Do not be mislead by the title of this page: Android by and large is the best mobile operating system out there however as a fan of it, I cannot help but notice certain things which warrant attention and should be fixed right away because they are simply crucial.
This is from the same author of the similarly-styled Linux, Windows 10 and iOS lists.
He forgot one item that might have me switching to the iPhone later this year… if I want an Android flagship 5″ or smaller, I have ZERO options to purchase something in the US that I can actually walk into a store and put my hands on. Sony is said to be bringing the Z5C over here, but they’re going to gimp it by removing the fingerprint sensor. And, well… I heard the battery life on this phone wasn’t so hot anyway.
Apple seems to be the only vendor left that doesn’t treat people who don’t want whales for phones like second-class citizens, and I’m just about ready to deal with iOS’s shortcomings for this reason.
Walk into a store, touch and feel the Z5C to see if it’s to your liking, then order an international version for cheaper than the US list price, getting you the sensor.
http://www.expansys-usa.com/s.aspx?search=xperia%20z5%20com…
I think you missed the part about walking into a store. In many parts of the country, there are no sony stores nor carriers that have them in their stores.
Getting a sony phone is becoming extremely difficult in the US in person. You can order one online, but then you haven’t tried it out to see if you like it.
I completely agree with the original poster on this one. I almost switched to an android device on my last upgrade. I have been an iOS user since the 3g but am getting sick of some of the issues with apple products lately. I wanted a camera that was better than 8MP and I wanted a phone that was smaller than 5″. Even then, AT&T only had one android device in the store that wasn’t at least 5″ and it was a very lowend Samsung. The specs were worse than the iPhone 5 I was replacing.
The only phone in the store that I actually liked from a hardware perspective was a Nokia and that had Windows phone on it so it was a non starter. It also had a 5MP camera which was a step backwards.
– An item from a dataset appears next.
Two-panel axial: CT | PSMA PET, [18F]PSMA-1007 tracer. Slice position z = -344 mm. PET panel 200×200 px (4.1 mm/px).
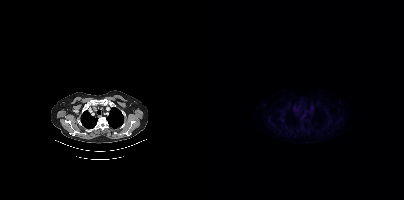
This slice has no annotated PSMA-avid lesion.

I reluctantly bought an iPhone 6 that day even though it’s huge. I don’t hate it as much as I thought, but I miss being able to use the entire screen one handed. I had to change the layout of all my apps on screen as a result and occasionally it’s still a problem. Now that apple has decided to release smaller phones, but with worse specs than the iPhone 6, I’m still stuck with a touch decision on the next upgrade cycle. I may just keep the 6 and wait until the lowend catches up to what I have and evaluate what is out there.
If I could get a Google Nexus phone smaller than 5 inches or even at 5 at this point with decent specs, I’d switch. I just don’t want to buy a phone site unseen.
As for the sony products, I thought about ordering one last year but then I read their waterproof seal wasn’t waterproof and that many people had problems with it.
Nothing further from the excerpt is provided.